* [TASK DESCRIPTION]
Copy, word for word, the line containing "Measured from image 1, 5.9 s later." and each line that follows it in the entries below; pictures do not belong in the copy.

* [PROVIDED MATERIAL]

┌──

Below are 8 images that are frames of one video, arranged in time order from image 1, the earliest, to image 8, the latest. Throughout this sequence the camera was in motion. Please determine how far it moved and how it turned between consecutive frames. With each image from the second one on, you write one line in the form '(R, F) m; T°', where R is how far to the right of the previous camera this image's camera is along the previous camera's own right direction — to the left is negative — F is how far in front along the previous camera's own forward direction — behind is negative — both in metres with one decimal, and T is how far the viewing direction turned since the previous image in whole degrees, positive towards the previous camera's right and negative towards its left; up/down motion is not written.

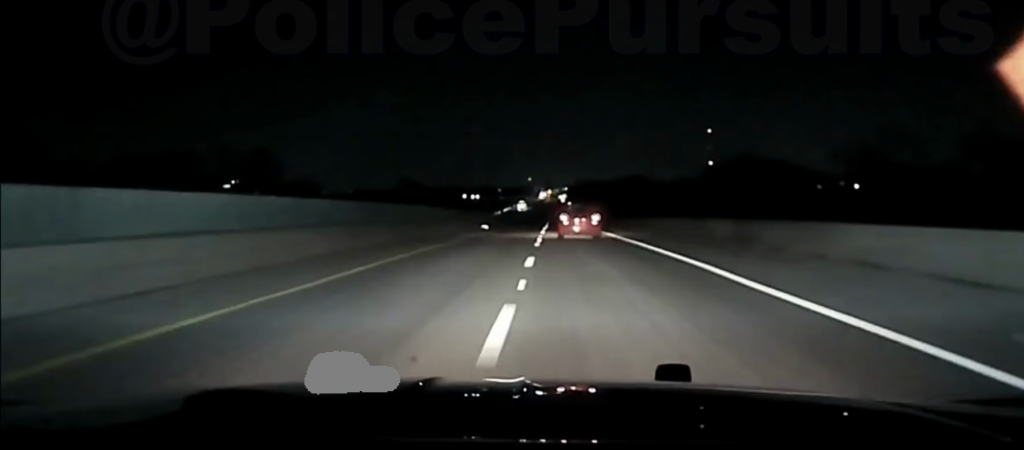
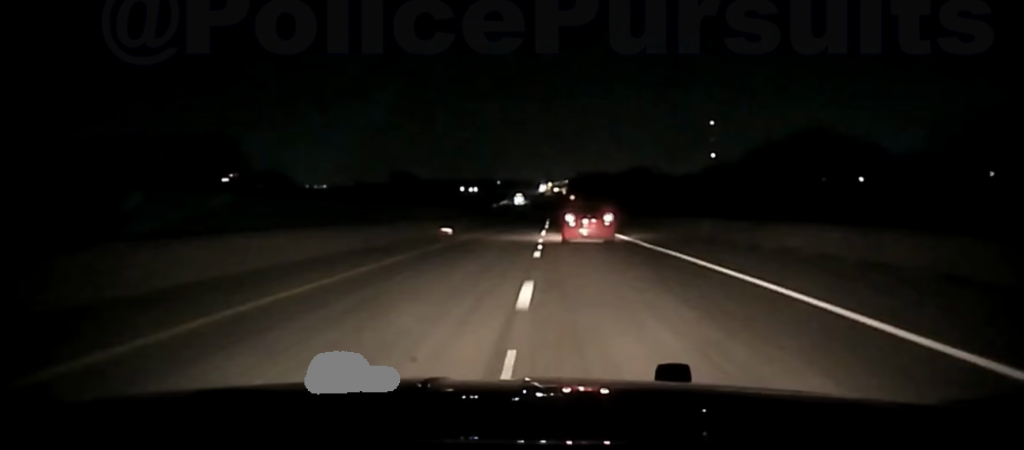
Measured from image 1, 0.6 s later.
(-0.1, +31.4) m; 0°
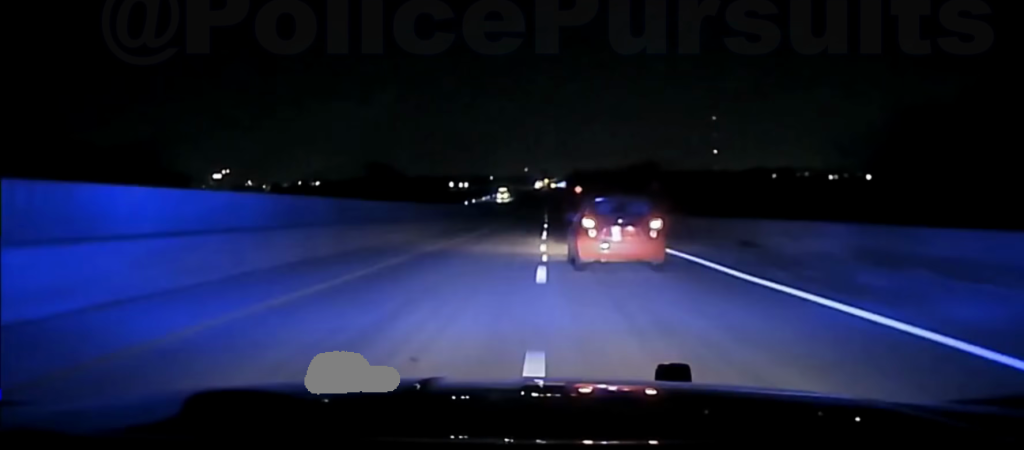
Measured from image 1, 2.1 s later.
(+0.2, +78.9) m; +1°
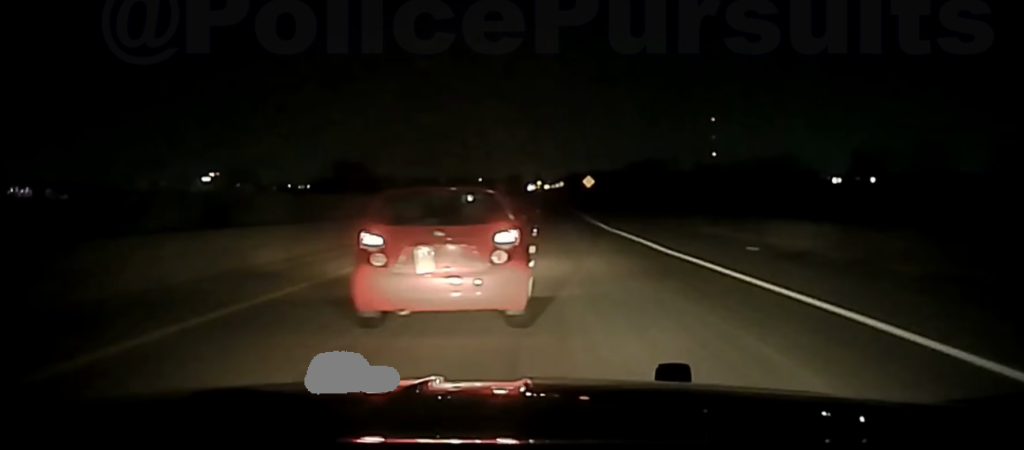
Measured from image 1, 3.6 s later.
(+0.4, +76.0) m; 0°
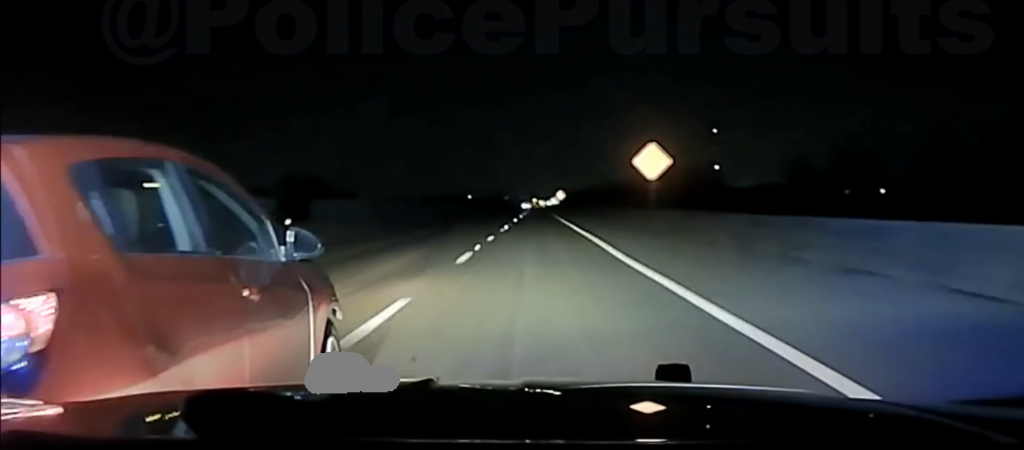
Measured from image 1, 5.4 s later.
(+0.7, +90.3) m; 0°
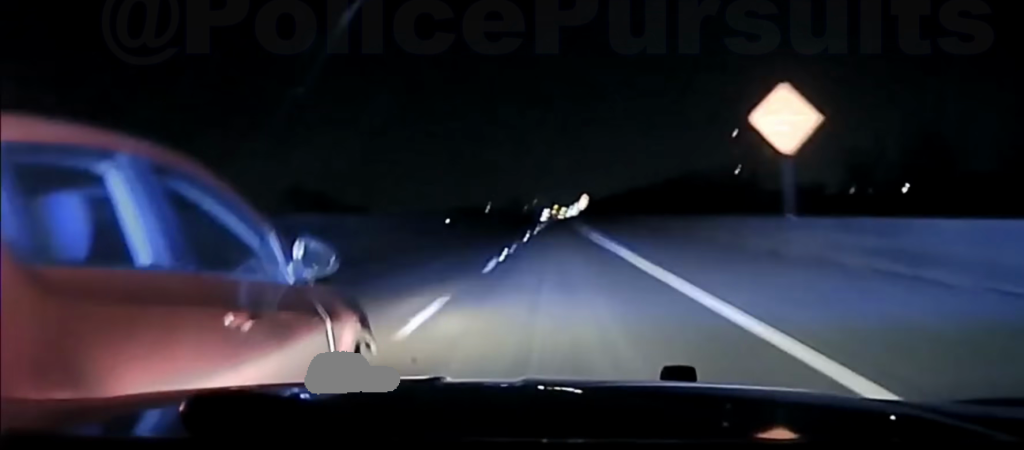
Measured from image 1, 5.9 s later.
(-0.3, +22.9) m; -1°
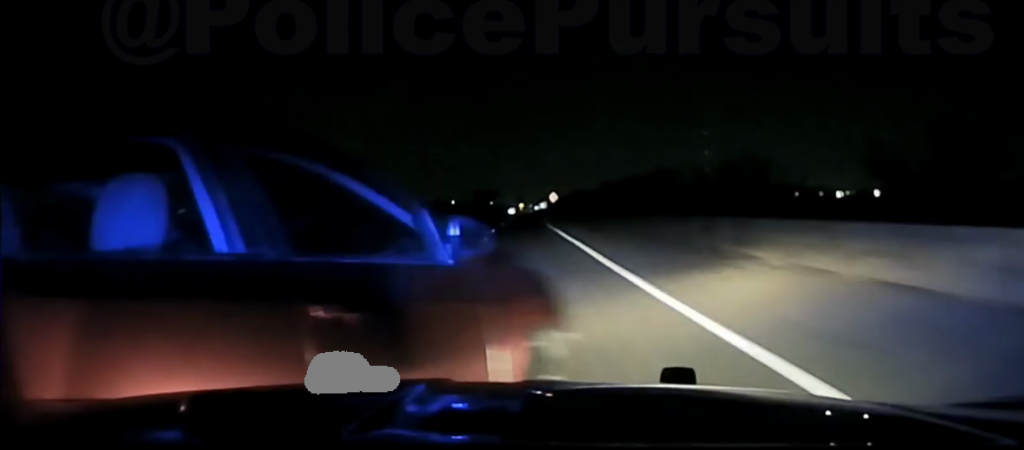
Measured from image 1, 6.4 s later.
(-0.1, +24.2) m; -1°
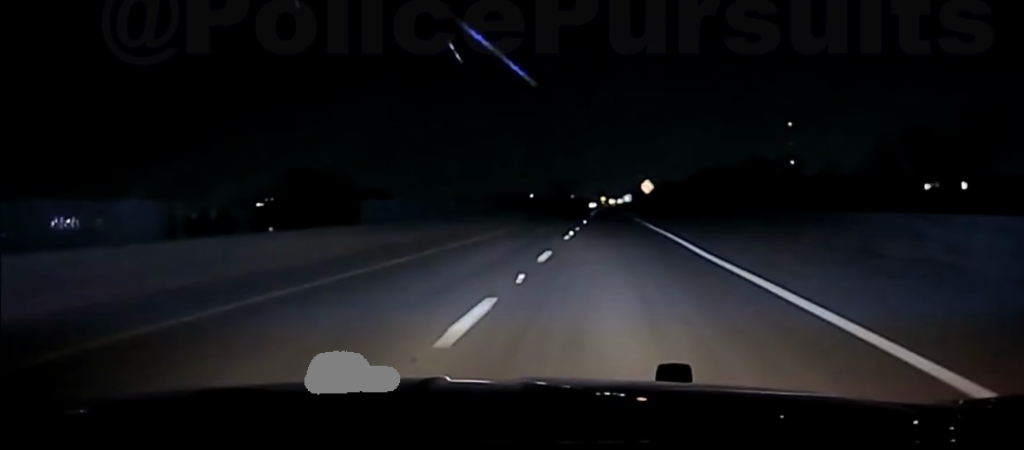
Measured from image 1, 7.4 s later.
(-0.4, +45.0) m; -1°

└──

* [EXERCISE RESULT]
Measured from image 1, 5.9 s later.
(-0.3, +22.9) m; -1°
Measured from image 1, 6.4 s later.
(-0.1, +24.2) m; -1°
Measured from image 1, 7.4 s later.
(-0.4, +45.0) m; -1°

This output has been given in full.